Google is using AI to design its next-generation AI chips faster than humans can


Google is using machine learning to design the next generation of machine learning chips. The algorithm’s designs are “similar or superior” to humans, Google’s engineers say, but they can be generated much, much faster. According to the tech giant, work that takes months for humans can be done by AI in less than six hours.

Google has been working on using machine learning to make chips for years, but this recent attempt – described this week in a newspaper in the magazine Natureappears to be the first time his research has been applied to a commercial product: an upcoming version of Google’s proprietary TPU (tensor processing unit:) chips, which are optimized for AI computation.

“Our method has been used in manufacturing to design the next generation of Google TPU,” write the authors of the paper, led by Azalia Mirhoseini, Google’s head of ML for systems.

In other words, AI helps accelerate the future of AI development.

In the paper, Google’s engineers note that this work has “major implications” for the chip industry. It should enable companies to more quickly explore possible architecture space for future designs and more easily adapt chips for specific workloads.

A editorial in Nature calls the research a “major achievement” and notes that such work could help offset the predicted end of Moore’s Law — a 1970s chip design axiom that states that the number of transistors on a chip doubles every two years. AI will not necessarily use the . to resolve physical challenges to squeeze more and more transistors onto chips, but it might help to find other avenues to improve performance at the same pace.

Google’s TPU chips are offered as part of its cloud services and used internally for AI research.
Photo: Google

The particular task that Google’s algorithms have tackled is known as “floor planning.” This usually requires human designers working with computer tools to find the optimal layout on a silicon die for a chip’s subsystems. These components include things like CPUs, GPUs, and memory cores, which are interconnected via tens of miles of tiny wiring. Deciding where to place each part on a mold affects the ultimate speed and efficiency of the chip. And, given both the scale of chip production and computational cycles, nanometer changes in placement can have huge effects.

Google’s engineers note that designing floor plans takes “months of intense effort” for humans, but from a machine learning perspective, there’s a well-known way to approach this problem: as a game.

AI has proven time and again that it can outperform humans at board games like chess and Go, and Google’s engineers note that floor planning is analogous to such challenges. Instead of a game board, you have a silicone die. Instead of pieces like knights and rooks, you have components like CPUs and GPUs. The task then is to simply find the ‘win conditions’ of each board. In chess it might be checkmate, in chip design it’s computational efficiency.

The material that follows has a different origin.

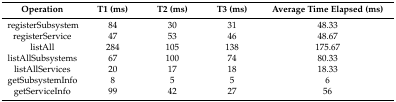
<table><thead><tr><td><b>Operation</b></td><td><b>T1 (ms)</b></td><td><b>T2 (ms)</b></td><td><b>T3 (ms)</b></td><td><b>Average Time Elapsed (ms)</b></td></tr></thead><tbody><tr><td>registerSubsystem</td><td>84</td><td>30</td><td>31</td><td>48.33</td></tr><tr><td>registerService</td><td>47</td><td>53</td><td>46</td><td>48.67</td></tr><tr><td>listAll</td><td>284</td><td>105</td><td>138</td><td>175.67</td></tr><tr><td>listAllSubsystems</td><td>67</td><td>100</td><td>74</td><td>80.33</td></tr><tr><td>listAllServices</td><td>20</td><td>17</td><td>18</td><td>18.33</td></tr><tr><td>getSubsystemInfo</td><td>8</td><td>5</td><td>5</td><td>6</td></tr><tr><td>getServiceInfo</td><td>99</td><td>42</td><td>27</td><td>56</td></tr></tbody></table>
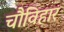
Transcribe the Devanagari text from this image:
चौविहार

Google engineers trained a gain learning algorithm on a dataset of 10,000 chip maps of varying quality, some of which were randomly generated. Each design was tagged with a specific “reward” feature based on its success in various metrics such as required wire length and power consumption. The algorithm then used this data to distinguish between good and bad floor plans and in turn generate its own designs.

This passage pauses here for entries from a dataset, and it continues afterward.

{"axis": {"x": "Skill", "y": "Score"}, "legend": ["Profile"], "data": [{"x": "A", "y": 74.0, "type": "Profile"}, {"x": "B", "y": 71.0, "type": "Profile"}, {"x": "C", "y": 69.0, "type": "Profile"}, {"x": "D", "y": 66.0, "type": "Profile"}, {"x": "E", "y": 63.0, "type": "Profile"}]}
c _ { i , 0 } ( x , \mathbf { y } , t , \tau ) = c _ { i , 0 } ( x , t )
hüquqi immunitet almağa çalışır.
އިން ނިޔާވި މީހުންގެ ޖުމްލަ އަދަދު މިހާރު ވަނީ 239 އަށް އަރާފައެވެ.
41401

As we’ve seen when AI systems compete against humans at board games, machines don’t necessarily think like humans and often come up with unexpected solutions to known problems. When DeepMind’s AlphaGo played human champion Lee Sedol at Go, this dynamic led to the infamous “move 37” — a seemingly illogical piece placement by the AI ​​that nevertheless led to the win.

Nothing so dramatic has happened with Google’s chip design algorithm, but the floor plans nevertheless look very different from those created by a human. Instead of neat rows of components on the die, subsystems look like they are scattered almost randomly across the silicon. A illustration of Nature show the difference, with the human design on the left and the machine learning design on the right. You can also see the general difference in the image below from Google’s paper (orderly people on the left; jumbled AI on the right), although the layout is blurry because it’s confidential:

A human-designed chip map is on the left and the AI-designed map on the right. The images have been blurred by the authors of the article because they represent confidential designs.
Image: Mirhoseini, A. et al

This article is noteworthy, especially since its research is now being used commercially by Google. But it’s far from the only aspect of AI-assisted chip design. Google itself has explored the use of AI in other parts of the process, such as “architecture exploration”, and rivals like Nvidia are exploring other methods to speed up the workflow. The AI ​​virtuous cycle designing chips for AI seems only just beginning.